Problem statement — Nothing is needed except the lines below that run from the one with "ဤနှင့်တူသော။ အညဿ၊ တပါးသောသူ၏။" through the one with "မျှော်လင့်ရပေသည်။", repeated exactly.

Dataset entries —
-- Opening Marker --

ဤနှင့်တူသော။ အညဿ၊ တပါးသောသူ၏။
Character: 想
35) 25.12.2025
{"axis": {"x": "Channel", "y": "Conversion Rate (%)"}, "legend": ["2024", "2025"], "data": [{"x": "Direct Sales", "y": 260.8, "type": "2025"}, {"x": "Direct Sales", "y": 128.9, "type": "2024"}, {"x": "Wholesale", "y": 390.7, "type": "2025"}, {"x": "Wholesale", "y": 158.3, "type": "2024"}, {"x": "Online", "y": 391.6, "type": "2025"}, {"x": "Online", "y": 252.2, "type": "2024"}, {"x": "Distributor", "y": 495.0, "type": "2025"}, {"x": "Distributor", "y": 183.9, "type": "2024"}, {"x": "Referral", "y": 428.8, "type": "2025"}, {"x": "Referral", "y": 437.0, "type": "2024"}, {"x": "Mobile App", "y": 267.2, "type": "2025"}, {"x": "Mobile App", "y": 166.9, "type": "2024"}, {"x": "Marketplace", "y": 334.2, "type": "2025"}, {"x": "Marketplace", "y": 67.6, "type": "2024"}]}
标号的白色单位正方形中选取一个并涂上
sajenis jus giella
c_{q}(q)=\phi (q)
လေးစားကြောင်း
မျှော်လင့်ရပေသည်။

-- Closing Marker --
-- Opening Marker --

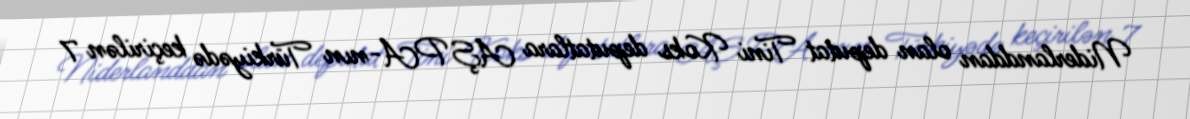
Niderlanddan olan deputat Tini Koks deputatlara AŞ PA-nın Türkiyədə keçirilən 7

-- Closing Marker --

Answer to this task —
ဤနှင့်တူသော။ အညဿ၊ တပါးသောသူ၏။
Character: 想
35) 25.12.2025
{"axis": {"x": "Channel", "y": "Conversion Rate (%)"}, "legend": ["2024", "2025"], "data": [{"x": "Direct Sales", "y": 260.8, "type": "2025"}, {"x": "Direct Sales", "y": 128.9, "type": "2024"}, {"x": "Wholesale", "y": 390.7, "type": "2025"}, {"x": "Wholesale", "y": 158.3, "type": "2024"}, {"x": "Online", "y": 391.6, "type": "2025"}, {"x": "Online", "y": 252.2, "type": "2024"}, {"x": "Distributor", "y": 495.0, "type": "2025"}, {"x": "Distributor", "y": 183.9, "type": "2024"}, {"x": "Referral", "y": 428.8, "type": "2025"}, {"x": "Referral", "y": 437.0, "type": "2024"}, {"x": "Mobile App", "y": 267.2, "type": "2025"}, {"x": "Mobile App", "y": 166.9, "type": "2024"}, {"x": "Marketplace", "y": 334.2, "type": "2025"}, {"x": "Marketplace", "y": 67.6, "type": "2024"}]}
标号的白色单位正方形中选取一个并涂上
sajenis jus giella
c_{q}(q)=\phi (q)
လေးစားကြောင်း
မျှော်လင့်ရပေသည်။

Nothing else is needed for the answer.